Hacker News new | ask | show | jobs
by paulddraper 3065 days ago
I am tired of this "processes are expensive" bullcrap. (At least for Linux.)

    $ time seq 1000 | while read; do sleep 0 & done

    real        0m0.185s
    user        0m0.546s
    sys         0m0.265s
That's less than .2ms to start a process.

Processes give you operational control (CPU, memory, permissions, isolation, monitoring) that other constructs simple cannot. Decades ago when we had far slower computers, people were doing process-oriented development and forking as if it was okay (CGI, make, git).

Somehow, separate processes came to be avoided like the plague, when in reality, they are probably the smallest resource "waste" in 99% of systems.

1 comments

This is a terrible microbenchmark.

First of all, you're only benchmarking the time it takes for fork(2) to return in the parent subshell, nothing else. The new processes don't exist yet at this point, and certainly hasn't exec'd (which tends to be why you're forking).

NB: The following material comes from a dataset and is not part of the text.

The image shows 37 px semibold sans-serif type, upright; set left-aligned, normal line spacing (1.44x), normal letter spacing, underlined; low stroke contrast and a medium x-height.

Second, you're not measuring the cost at all. The forked children will, at some point, start executing on other CPUs, which includes finishing configuration and running exec, which takes time. The cost is the total cycles it takes before the child is executing the intended code.

Fork is damn expensive, but whether they're too expensive depends on the usecase, and the cost of expanding hardware.

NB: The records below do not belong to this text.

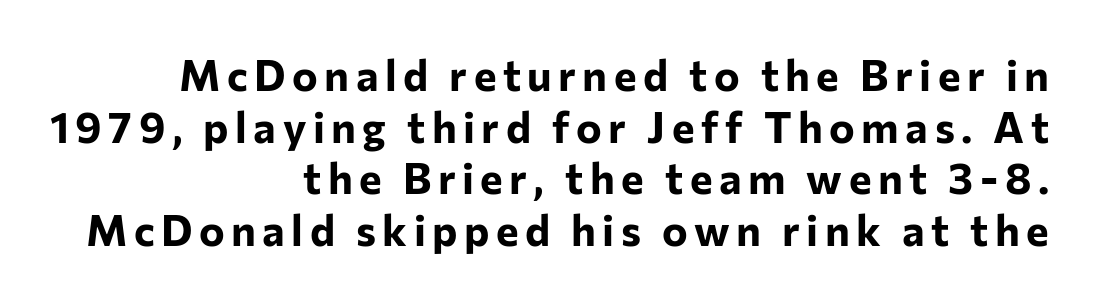
The image shows 43 px bold sans-serif type, upright; set right-aligned, line spacing 1.2x, not underlined; low stroke contrast and a medium x-height.
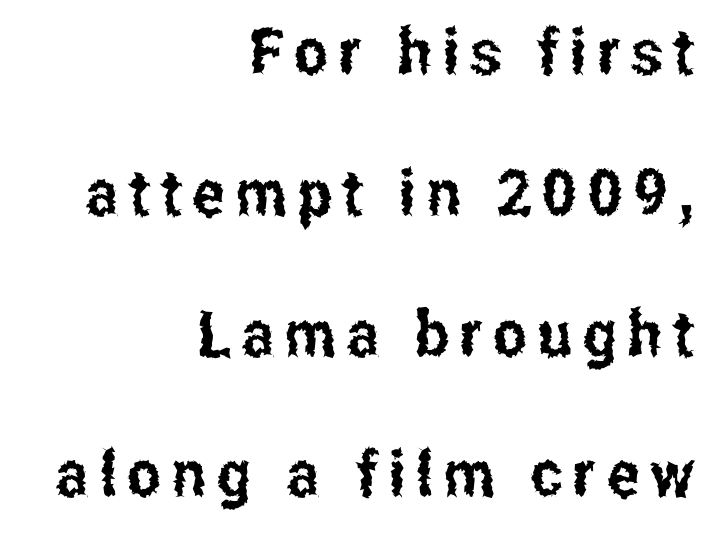
Q: Is the text italic (slanted)? A: No, it is upright.
Q: Is the typeface a serif or a sans-serif typeface? A: Sans-serif.
Q: Is the text underlined? A: No.
Q: How is the paragraph aligned? A: Right-aligned.
Q: Is the spacing between lines tight, normal or loose? A: Loose.
Q: Width (condensed, normal, or wide)? A: Condensed.
Q: Stroke contrast? A: Low.
Q: x-height? A: Medium.
Q: Monospaced? A: No.
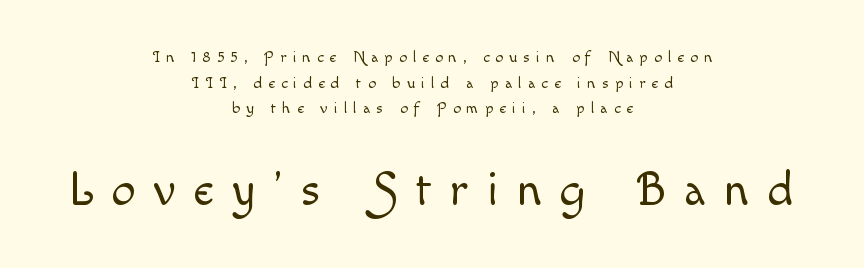
{"italic": "no", "bold": "no", "weight": "light", "width": "normal", "x_height": "small", "monospaced": "no", "underline": "no", "align": "center", "line_spacing": "normal", "line_spacing_ratio": 1.6, "letter_spacing": "wide", "letter_spacing_em": 0.38, "larger_block": "second", "size_ratio": 3.0, "glyph_px": 48}
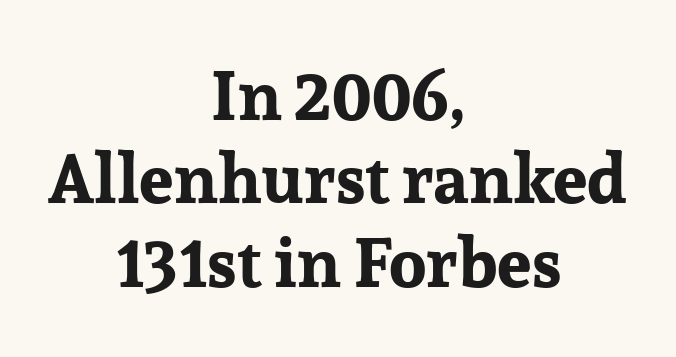
Q: Is the text bold? A: Yes.
Q: Is the text italic (slanted)? A: No, it is upright.
Q: Is the typeface a serif or a sans-serif typeface? A: Serif.
Q: Is the text underlined? A: No.
Q: How is the paragraph aligned? A: Centered.
Q: Is the spacing between letters normal or unusually wide? A: Normal.
Q: Width (condensed, normal, or wide)? A: Normal.
Q: Stroke contrast? A: Low.
Q: x-height? A: Medium.
Q: Monospaced? A: No.
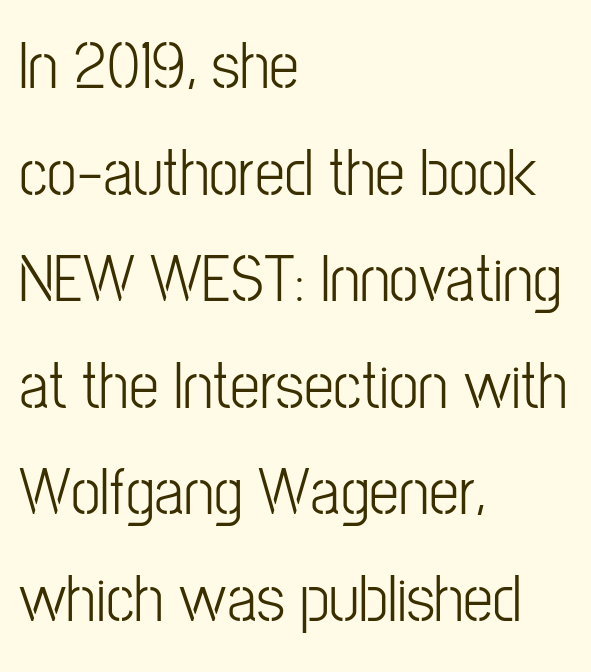
The image shows 67 px light, condensed sans-serif type, upright; set left-aligned, normal line spacing (1.59x), normal letter spacing, not underlined; low stroke contrast and a medium x-height.
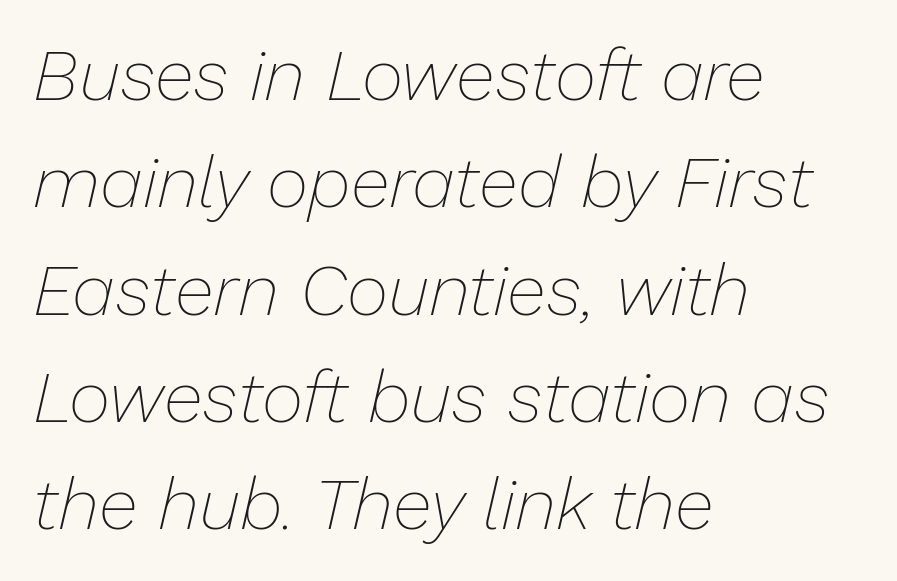
The baseline area is clear. How are the letters spaced? Ordinarily, with no added tracking. The compositor pushed each line to the left boundary. Reading down the column, the eye jumps a familiar distance to each next line. The passage shown is typed in a proportional face where columns would drift.
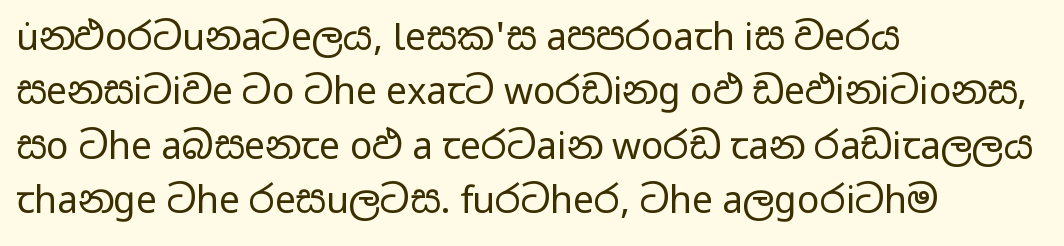
The image shows 37 px regular-weight, wide sans-serif type, upright; set left-aligned, normal line spacing (1.47x), normal letter spacing, not underlined; low stroke contrast and a medium x-height.
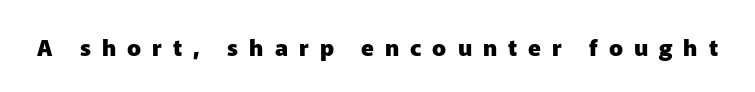
The image shows 23 px bold type, upright; set unusually wide letter spacing (+0.48 em), not underlined.
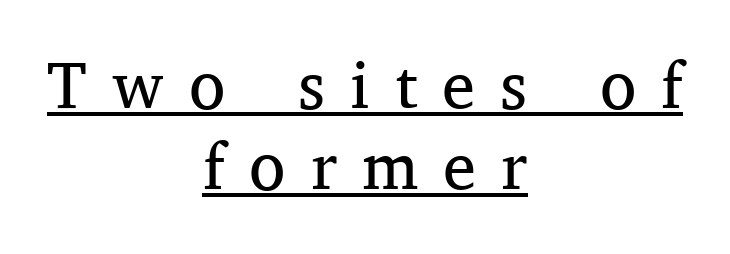
The image shows 66 px regular-weight serif type, upright; set centered, line spacing 1.23x, unusually wide letter spacing (+0.38 em), underlined; medium stroke contrast and a medium x-height.
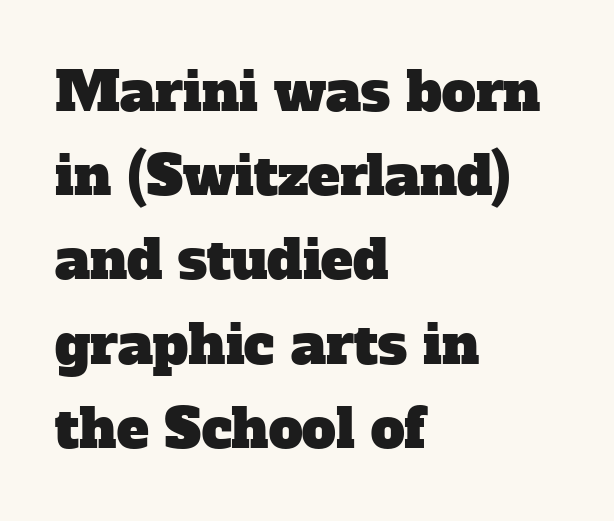
{"serif": "yes", "width": "normal", "stroke_contrast": "low", "x_height": "medium", "monospaced": "no", "underline": "no", "align": "left", "line_spacing": "normal", "line_spacing_ratio": 1.56, "letter_spacing": "normal", "letter_spacing_em": 0.0, "glyph_px": 54}
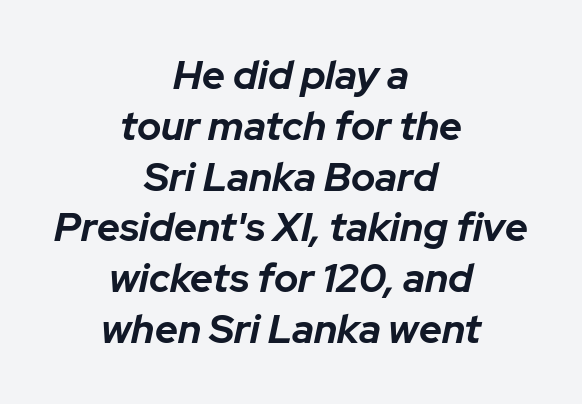
{"italic": "yes", "lean": "right", "slant_degrees": 12, "bold": "yes", "weight": "bold", "width": "normal", "stroke_contrast": "low", "x_height": "medium", "monospaced": "no", "underline": "no", "align": "center", "line_spacing": "normal", "line_spacing_ratio": 1.27, "letter_spacing": "normal", "letter_spacing_em": 0.0, "glyph_px": 40}

Fork time scales with the virtual memory of the forking process, and you're forking from a fresh subshell that hardly has anything allocated. It's even mentioned in the linked post that their issue stemmed from this (specifically fork lock contention spiking as fork time increased).

(1) The benchmark measured the point of discussion.

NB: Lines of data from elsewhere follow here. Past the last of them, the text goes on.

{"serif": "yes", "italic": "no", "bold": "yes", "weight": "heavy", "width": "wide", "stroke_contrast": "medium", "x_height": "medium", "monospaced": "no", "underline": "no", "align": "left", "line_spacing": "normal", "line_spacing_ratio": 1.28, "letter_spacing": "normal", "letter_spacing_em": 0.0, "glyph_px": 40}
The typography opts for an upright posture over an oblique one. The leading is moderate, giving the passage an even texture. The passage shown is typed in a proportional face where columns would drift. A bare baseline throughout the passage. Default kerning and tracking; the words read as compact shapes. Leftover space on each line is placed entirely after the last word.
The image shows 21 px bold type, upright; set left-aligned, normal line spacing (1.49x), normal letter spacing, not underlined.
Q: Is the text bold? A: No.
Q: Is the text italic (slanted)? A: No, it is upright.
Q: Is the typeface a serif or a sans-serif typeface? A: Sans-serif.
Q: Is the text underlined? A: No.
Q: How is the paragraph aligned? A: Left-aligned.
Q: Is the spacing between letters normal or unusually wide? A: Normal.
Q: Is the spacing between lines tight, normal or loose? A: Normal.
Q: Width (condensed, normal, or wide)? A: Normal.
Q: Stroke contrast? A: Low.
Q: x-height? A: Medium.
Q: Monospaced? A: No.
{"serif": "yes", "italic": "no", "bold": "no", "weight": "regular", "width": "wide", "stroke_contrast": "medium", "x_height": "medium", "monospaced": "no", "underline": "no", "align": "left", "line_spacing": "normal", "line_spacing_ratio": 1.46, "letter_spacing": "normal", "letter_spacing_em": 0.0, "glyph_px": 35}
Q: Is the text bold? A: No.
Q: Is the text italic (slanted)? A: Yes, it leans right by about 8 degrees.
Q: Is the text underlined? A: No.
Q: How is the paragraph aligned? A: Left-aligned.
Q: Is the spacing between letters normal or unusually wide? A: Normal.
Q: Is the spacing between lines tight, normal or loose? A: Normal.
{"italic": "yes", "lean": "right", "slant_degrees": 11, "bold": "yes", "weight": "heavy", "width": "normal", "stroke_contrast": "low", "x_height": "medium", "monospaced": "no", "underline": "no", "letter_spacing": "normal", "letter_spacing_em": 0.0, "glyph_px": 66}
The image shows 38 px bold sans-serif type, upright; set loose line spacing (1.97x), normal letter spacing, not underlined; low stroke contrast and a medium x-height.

(2) Even not using asynchronity (which Go is heralded for), processes take <2ms to start and stop. Not nothing, but certainly something you could do hundreds of times a second.

    $ time seq 1000 | while read; do sleep 0; done

    real        0m1.644s
    user        0m1.065s
    sys         0m0.672s
1. No, the point was that fork(2)+exec(3)/spawning processes is an expensive way to run code, not how long it takes for the parent to be able to do something else.

2. Your new benchmark is better. However, it is still a useless microbenchmark, as it is an unrealistic best-case scenario. Your spawn of sleep is happening within a fresh subshell started by the pipe you made. fork(2) depends on things like VMM size and open file descriptors of the parent process, and your subshell basically has nothing at all. A real application likely holds at least a few gigabytes of virtual memory (more likely tens of gigabytes—note that virtual memory isn't the same as resident memory), which will make fork(2) take much longer, split between parent and child.

I suspect you might be confusing asynchronicity with concurrency or parallelism. Go is heralded for concurrency, sometimes in the form of parallelism, but not asynchronicity. Concurrency does not have any positive effect on execution time or cost. Parallelism can reduce execution time, but does not decrease execution cost, it simply throws more hardware at the problem.

In fact, Go is a worse-than-average language to call fork(2) in, due to it running fork(2) under a global lock. This is mentioned in the linked article. The lock contention caused by fork(2) execution time as memory consumption increased was what made the process unresponsive.

However, as I also said, whether fork is too expensive depends on the use-case.

> Each Gitaly server instance was fork/exec'ing Git processes about 20 times per second

> What's really wrong here is that they're apparently spawning processes like crazy.

Sounds like it depends on the use-case, rather then blanket "two dozen processes per second is clearly absurd".

Definitely. While fork(2) is expensive, a price is useless without also knowing the budget, and how expensive it is depends on the environment.

However, the problem in the posted article was indeed that spawning Git processes 20 times a second in that specific Go application was too much, and the fix was that Go replaced fork(2) with posix_spawn(3).